Please restate word for word all lines from the one containing "A book cover" to the final line of the entries, and include no pictures.
(AVAILABLE RECORDS Opens)
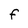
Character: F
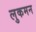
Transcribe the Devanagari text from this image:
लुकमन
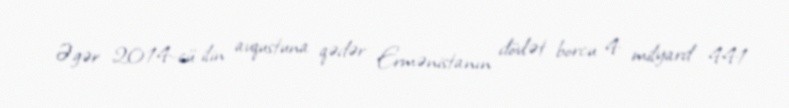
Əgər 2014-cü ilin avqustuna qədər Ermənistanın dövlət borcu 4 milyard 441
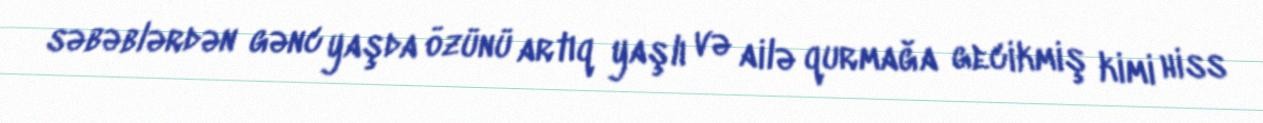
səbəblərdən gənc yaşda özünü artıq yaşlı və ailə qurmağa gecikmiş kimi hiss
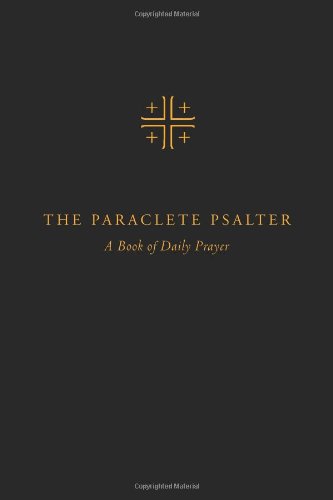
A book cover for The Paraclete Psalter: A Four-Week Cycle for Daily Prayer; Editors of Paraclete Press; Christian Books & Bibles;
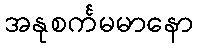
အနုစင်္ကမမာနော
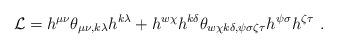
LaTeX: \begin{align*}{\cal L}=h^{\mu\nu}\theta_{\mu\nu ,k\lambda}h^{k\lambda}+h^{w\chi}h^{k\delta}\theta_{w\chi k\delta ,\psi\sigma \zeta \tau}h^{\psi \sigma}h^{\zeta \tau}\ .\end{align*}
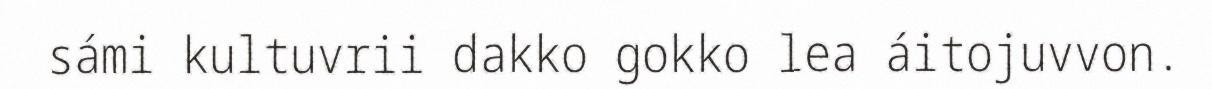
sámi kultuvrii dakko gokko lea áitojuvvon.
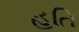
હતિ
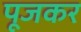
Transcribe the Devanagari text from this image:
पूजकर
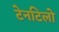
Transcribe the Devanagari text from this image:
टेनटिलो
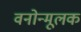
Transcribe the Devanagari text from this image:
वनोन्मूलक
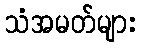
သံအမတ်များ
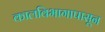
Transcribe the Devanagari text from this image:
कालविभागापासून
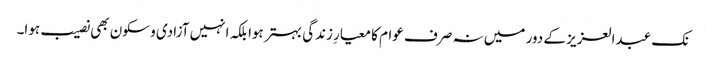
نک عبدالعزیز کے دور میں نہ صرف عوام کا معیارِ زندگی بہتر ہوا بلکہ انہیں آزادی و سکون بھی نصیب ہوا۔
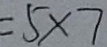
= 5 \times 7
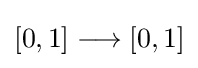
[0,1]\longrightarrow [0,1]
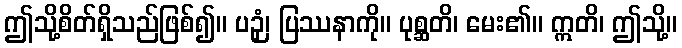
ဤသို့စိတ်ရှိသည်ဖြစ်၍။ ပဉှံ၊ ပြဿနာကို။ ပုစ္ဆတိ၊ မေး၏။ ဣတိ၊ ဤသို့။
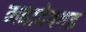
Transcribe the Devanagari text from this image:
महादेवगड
(AVAILABLE RECORDS Closes)
RESULT >>
A book cover for The Paraclete Psalter: A Four-Week Cycle for Daily Prayer; Editors of Paraclete Press; Christian Books & Bibles;
အနုစင်္ကမမာနော
LaTeX: \begin{align*}{\cal L}=h^{\mu\nu}\theta_{\mu\nu ,k\lambda}h^{k\lambda}+h^{w\chi}h^{k\delta}\theta_{w\chi k\delta ,\psi\sigma \zeta \tau}h^{\psi \sigma}h^{\zeta \tau}\ .\end{align*}
sámi kultuvrii dakko gokko lea áitojuvvon.
હતિ
Transcribe the Devanagari text from this image:
पूजकर
Transcribe the Devanagari text from this image:
टेनटिलो
Transcribe the Devanagari text from this image:
वनोन्मूलक
သံအမတ်များ
Transcribe the Devanagari text from this image:
कालविभागापासून
نک عبدالعزیز کے دور میں نہ صرف عوام کا معیارِ زندگی بہتر ہوا بلکہ انہیں آزادی و سکون بھی نصیب ہوا۔
= 5 \times 7
[0,1]\longrightarrow [0,1]
ဤသို့စိတ်ရှိသည်ဖြစ်၍။ ပဉှံ၊ ပြဿနာကို။ ပုစ္ဆတိ၊ မေး၏။ ဣတိ၊ ဤသို့။
Transcribe the Devanagari text from this image:
महादेवगड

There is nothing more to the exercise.